WHAT YOU SHOULD DO
The answer must reproduce every record exactly, with all pictures omitted.
Top of PROVIDED DATA
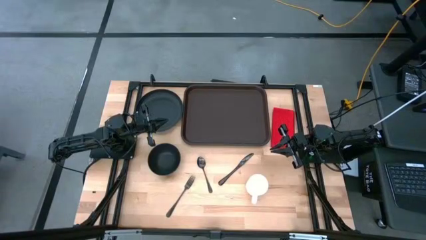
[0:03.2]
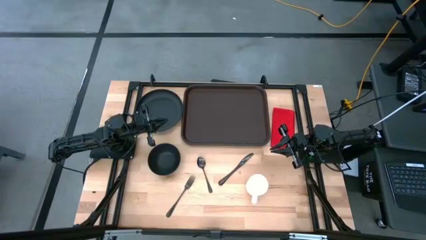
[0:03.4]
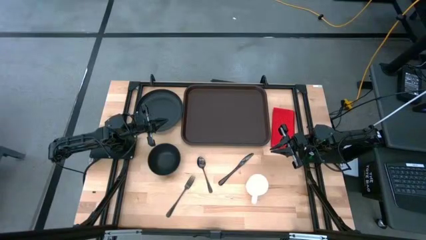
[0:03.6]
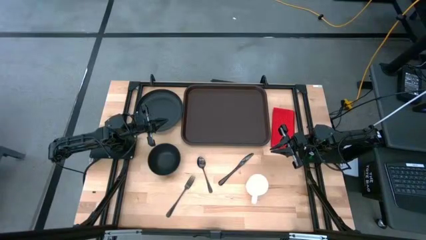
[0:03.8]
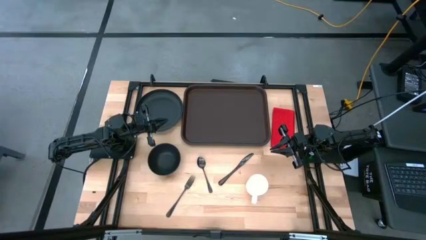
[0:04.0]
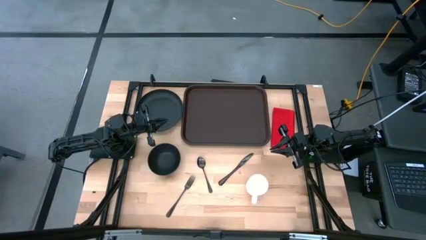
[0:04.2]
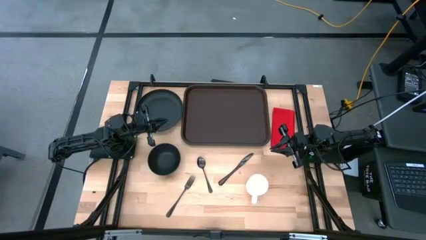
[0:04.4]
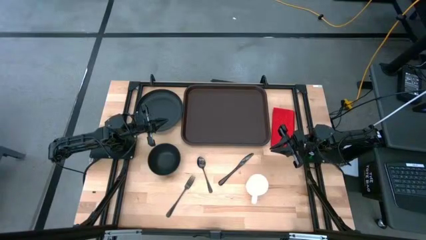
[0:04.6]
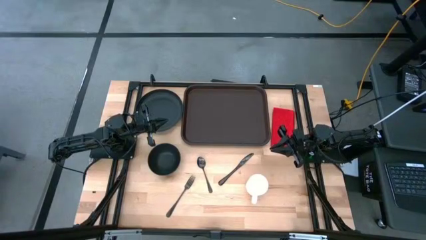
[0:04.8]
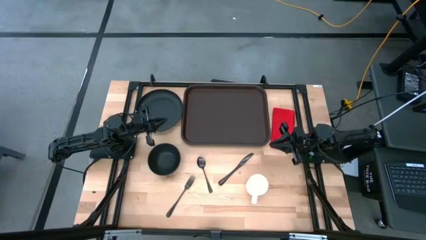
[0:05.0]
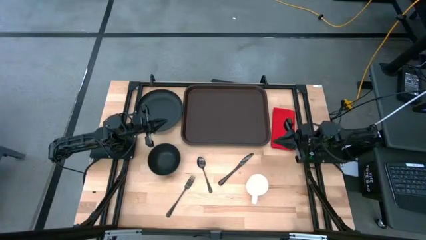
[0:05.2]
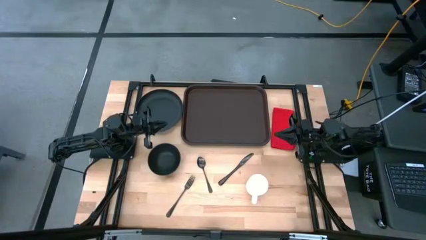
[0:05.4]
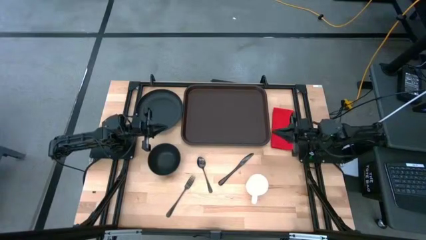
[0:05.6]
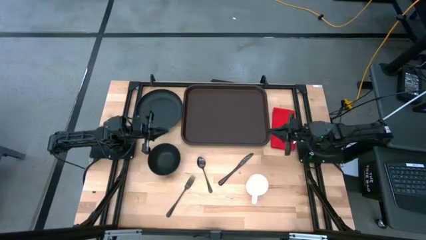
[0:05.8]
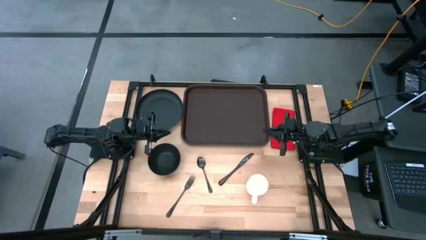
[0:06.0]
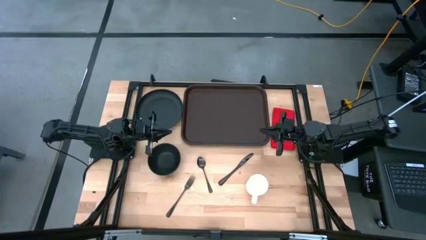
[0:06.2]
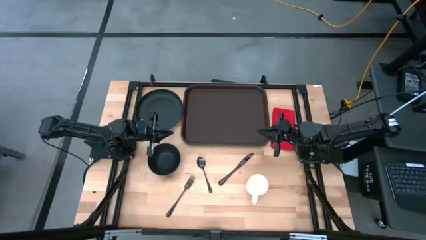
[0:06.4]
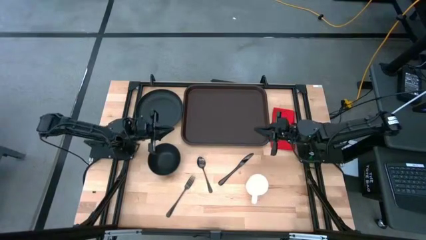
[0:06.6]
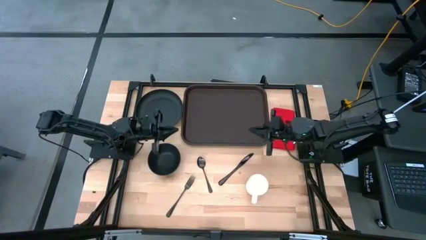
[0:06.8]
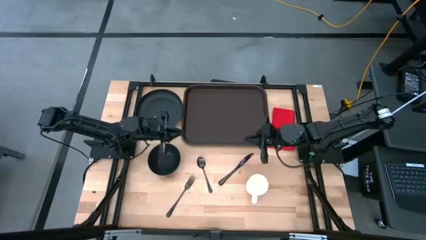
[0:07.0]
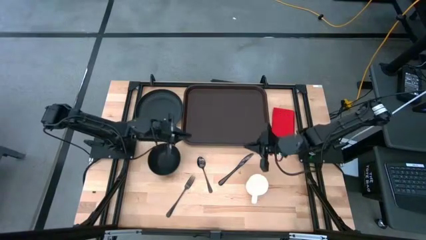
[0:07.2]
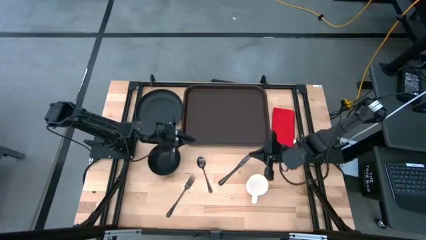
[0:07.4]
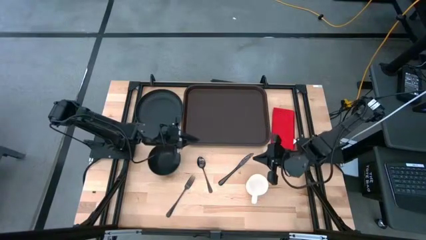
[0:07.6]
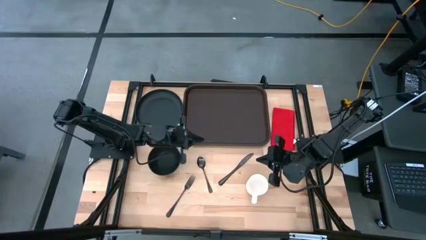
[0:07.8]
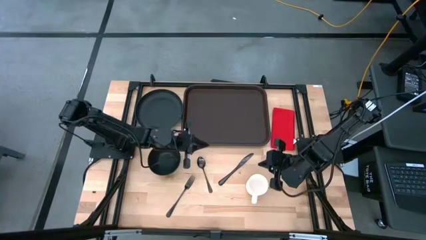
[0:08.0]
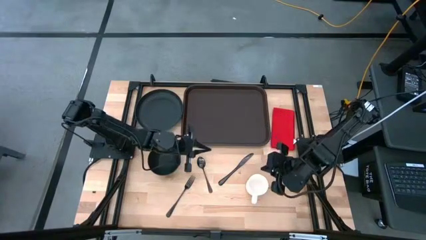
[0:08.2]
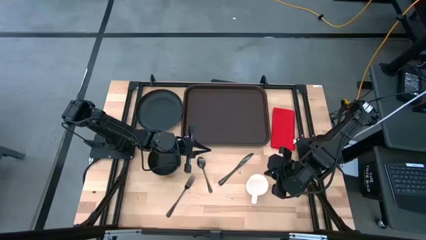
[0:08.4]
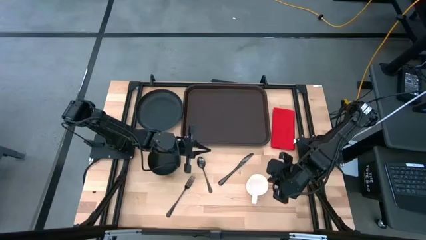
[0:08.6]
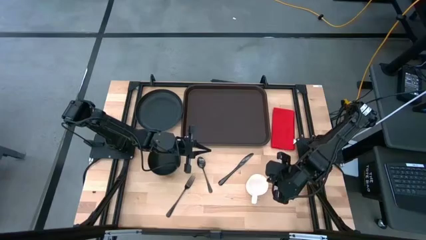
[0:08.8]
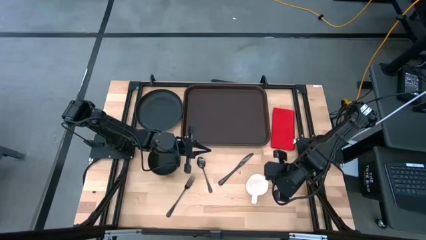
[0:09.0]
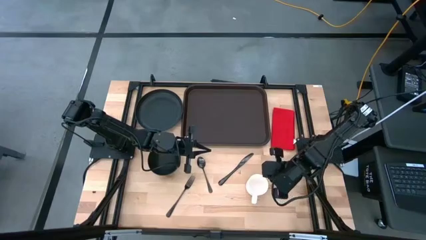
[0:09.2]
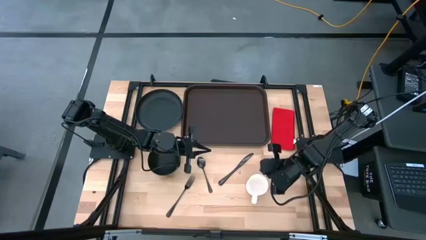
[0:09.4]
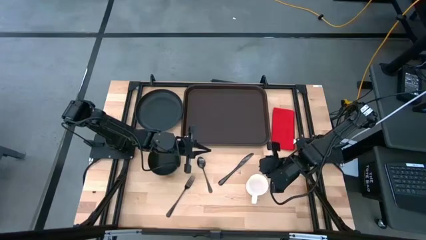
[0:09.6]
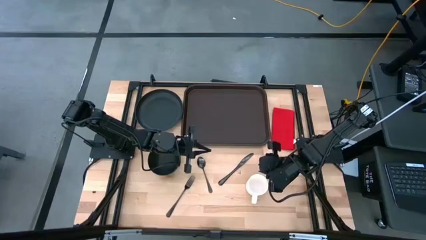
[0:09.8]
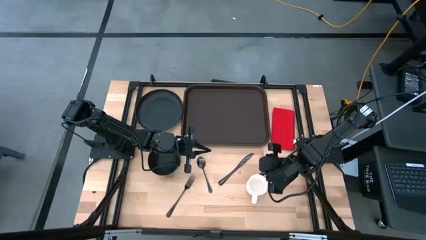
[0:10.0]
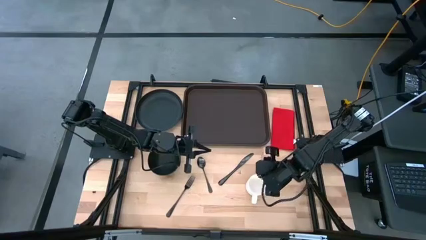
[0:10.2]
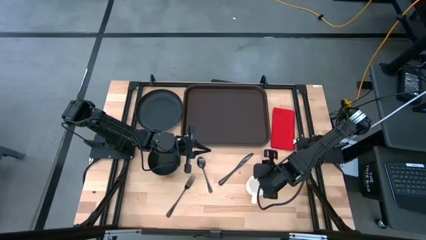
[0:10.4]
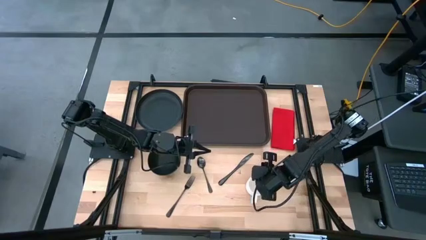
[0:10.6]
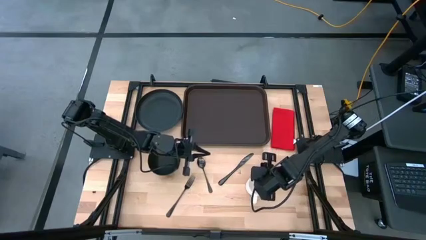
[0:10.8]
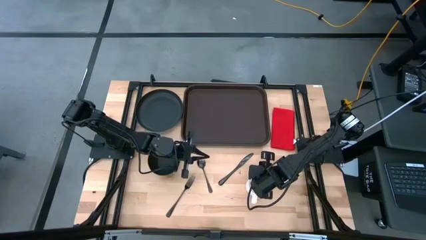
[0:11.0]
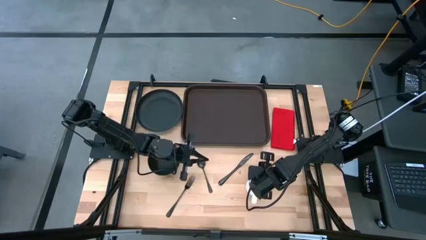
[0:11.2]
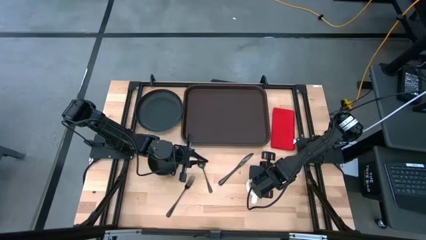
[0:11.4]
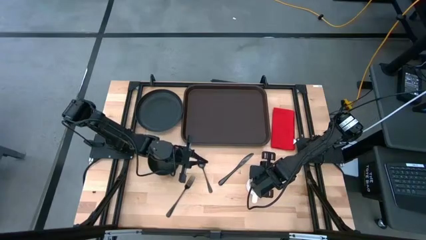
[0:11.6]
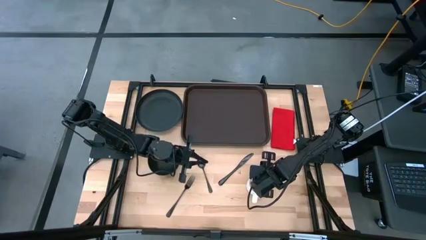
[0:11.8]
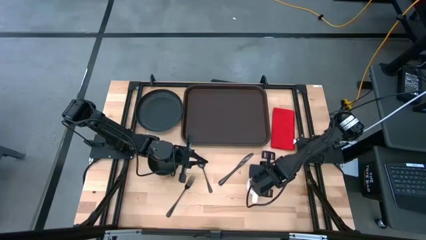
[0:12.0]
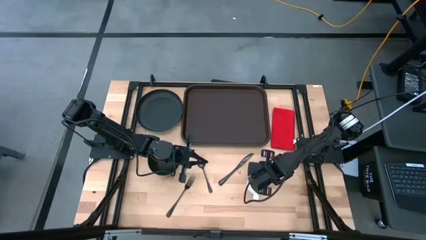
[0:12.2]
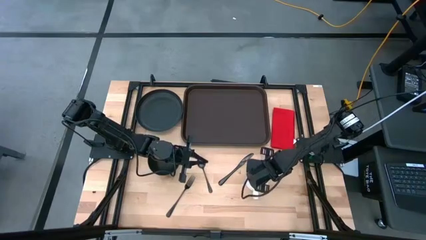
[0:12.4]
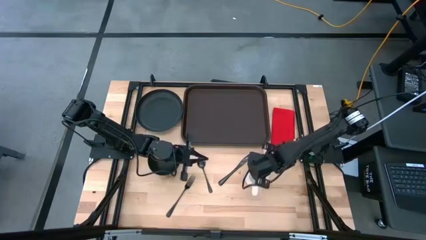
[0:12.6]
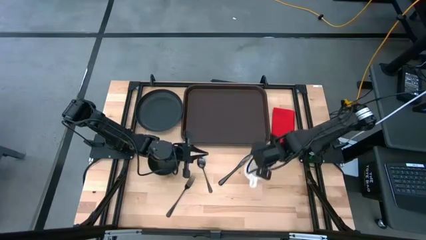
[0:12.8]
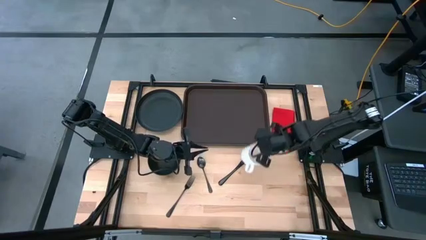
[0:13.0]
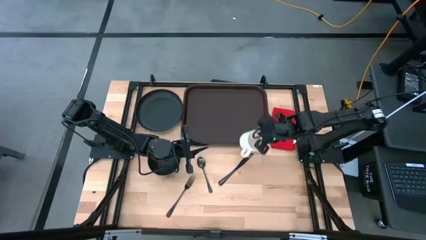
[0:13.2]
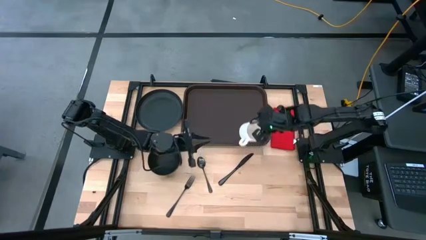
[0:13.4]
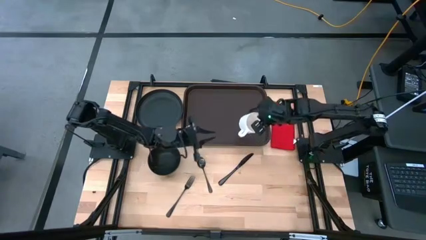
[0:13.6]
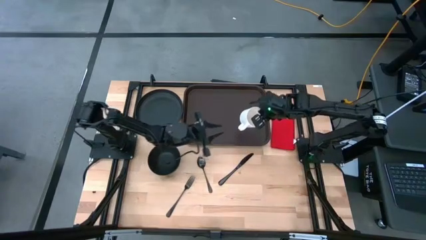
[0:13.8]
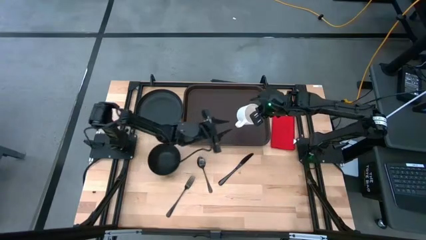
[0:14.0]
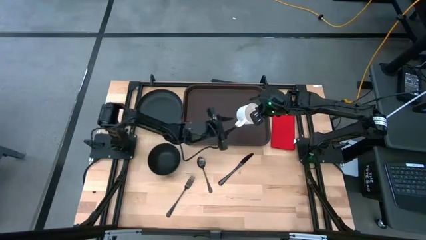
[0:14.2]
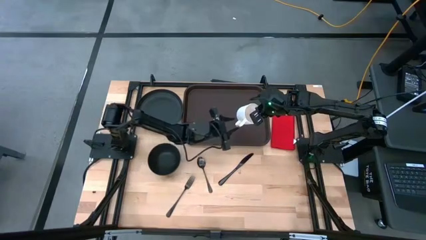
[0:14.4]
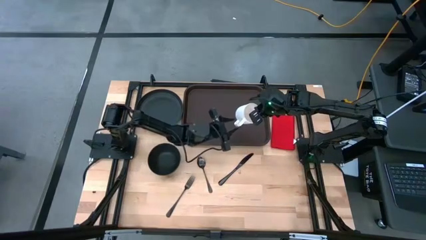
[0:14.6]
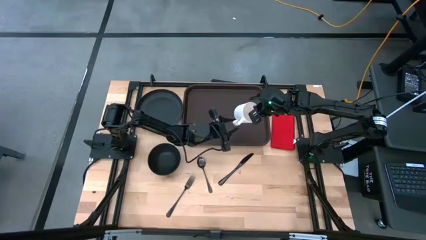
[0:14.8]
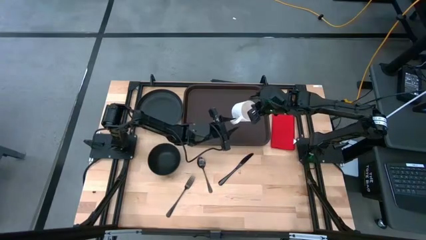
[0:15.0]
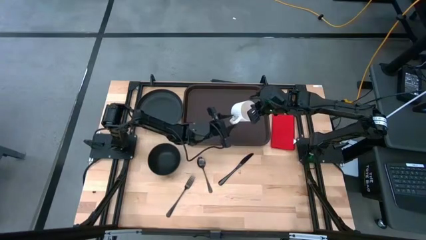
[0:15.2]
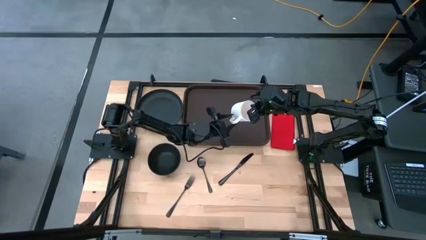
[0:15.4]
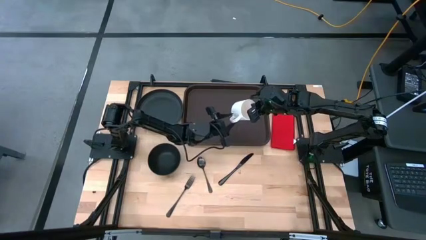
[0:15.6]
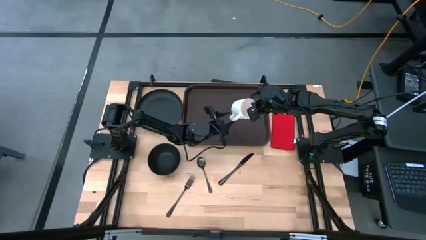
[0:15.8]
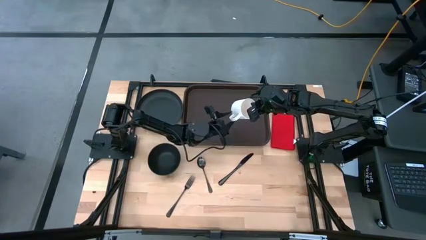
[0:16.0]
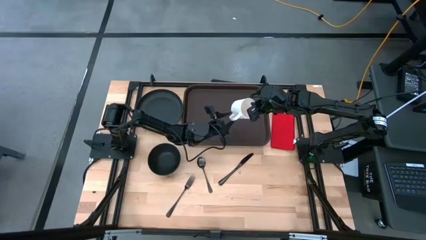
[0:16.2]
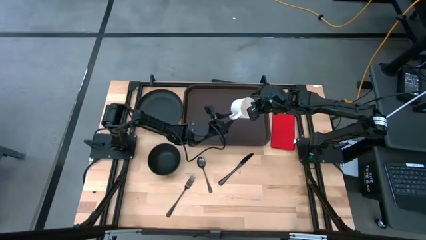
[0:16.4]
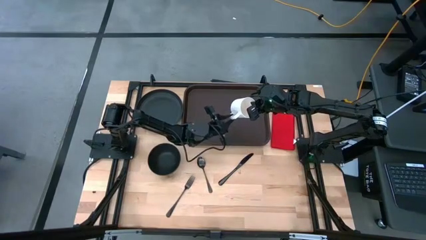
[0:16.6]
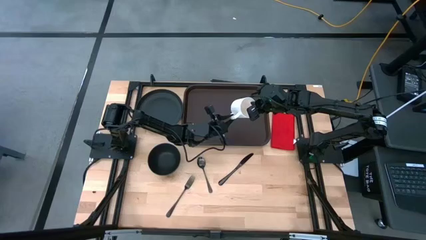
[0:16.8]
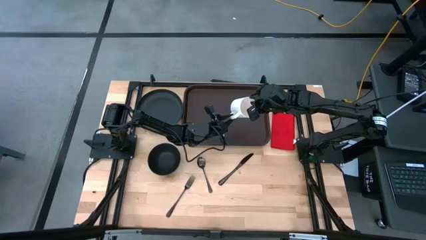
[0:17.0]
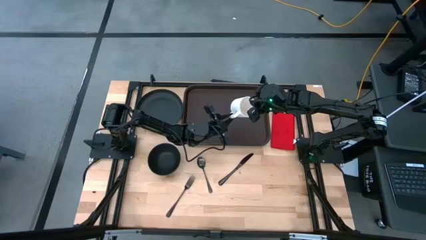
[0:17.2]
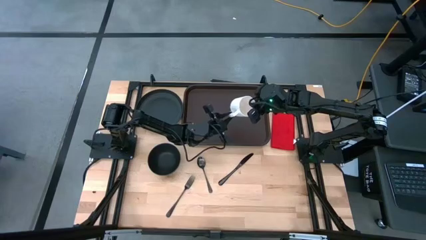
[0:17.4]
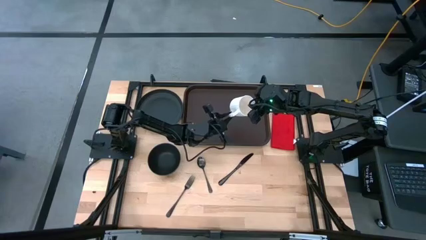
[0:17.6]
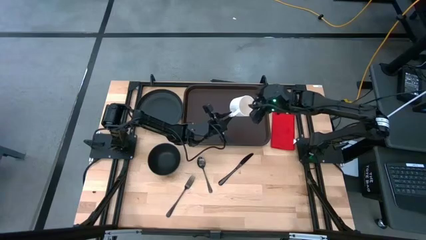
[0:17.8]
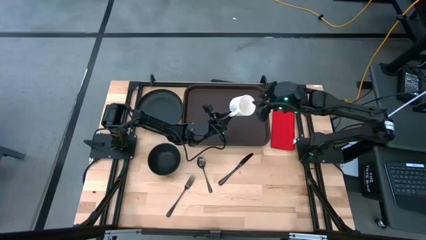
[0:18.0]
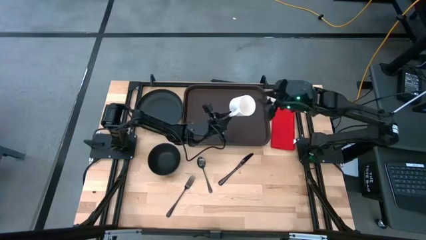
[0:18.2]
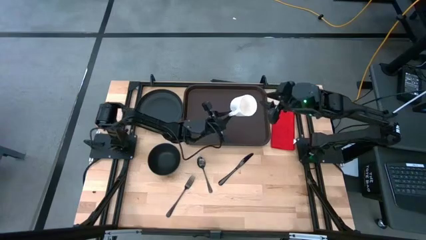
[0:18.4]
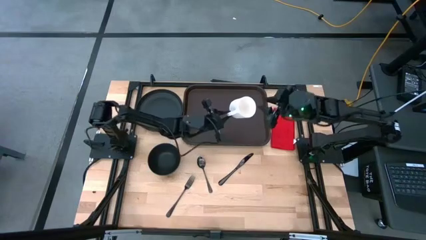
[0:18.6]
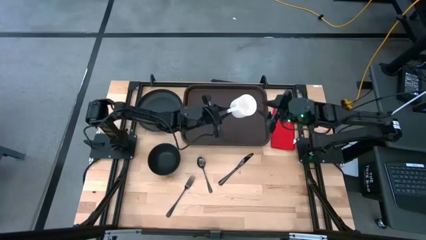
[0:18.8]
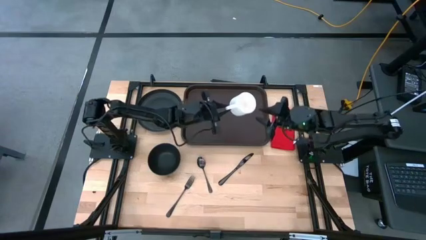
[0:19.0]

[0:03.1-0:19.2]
Task: Set up tray
Put the white mug on the top left of the brown tray
Bottom of PROVIDED DATA
ANSWER FOR THE TASK
[0:03.2]
[0:03.4]
[0:03.6]
[0:03.8]
[0:04.0]
[0:04.2]
[0:04.4]
[0:04.6]
[0:04.8]
[0:05.0]
[0:05.2]
[0:05.4]
[0:05.6]
[0:05.8]
[0:06.0]
[0:06.2]
[0:06.4]
[0:06.6]
[0:06.8]
[0:07.0]
[0:07.2]
[0:07.4]
[0:07.6]
[0:07.8]
[0:08.0]
[0:08.2]
[0:08.4]
[0:08.6]
[0:08.8]
[0:09.0]
[0:09.2]
[0:09.4]
[0:09.6]
[0:09.8]
[0:10.0]
[0:10.2]
[0:10.4]
[0:10.6]
[0:10.8]
[0:11.0]
[0:11.2]
[0:11.4]
[0:11.6]
[0:11.8]
[0:12.0]
[0:12.2]
[0:12.4]
[0:12.6]
[0:12.8]
[0:13.0]
[0:13.2]
[0:13.4]
[0:13.6]
[0:13.8]
[0:14.0]
[0:14.2]
[0:14.4]
[0:14.6]
[0:14.8]
[0:15.0]
[0:15.2]
[0:15.4]
[0:15.6]
[0:15.8]
[0:16.0]
[0:16.2]
[0:16.4]
[0:16.6]
[0:16.8]
[0:17.0]
[0:17.2]
[0:17.4]
[0:17.6]
[0:17.8]
[0:18.0]
[0:18.2]
[0:18.4]
[0:18.6]
[0:18.8]
[0:19.0]

[0:03.1-0:19.2]
Task: Set up tray
Put the white mug on the top left of the brown tray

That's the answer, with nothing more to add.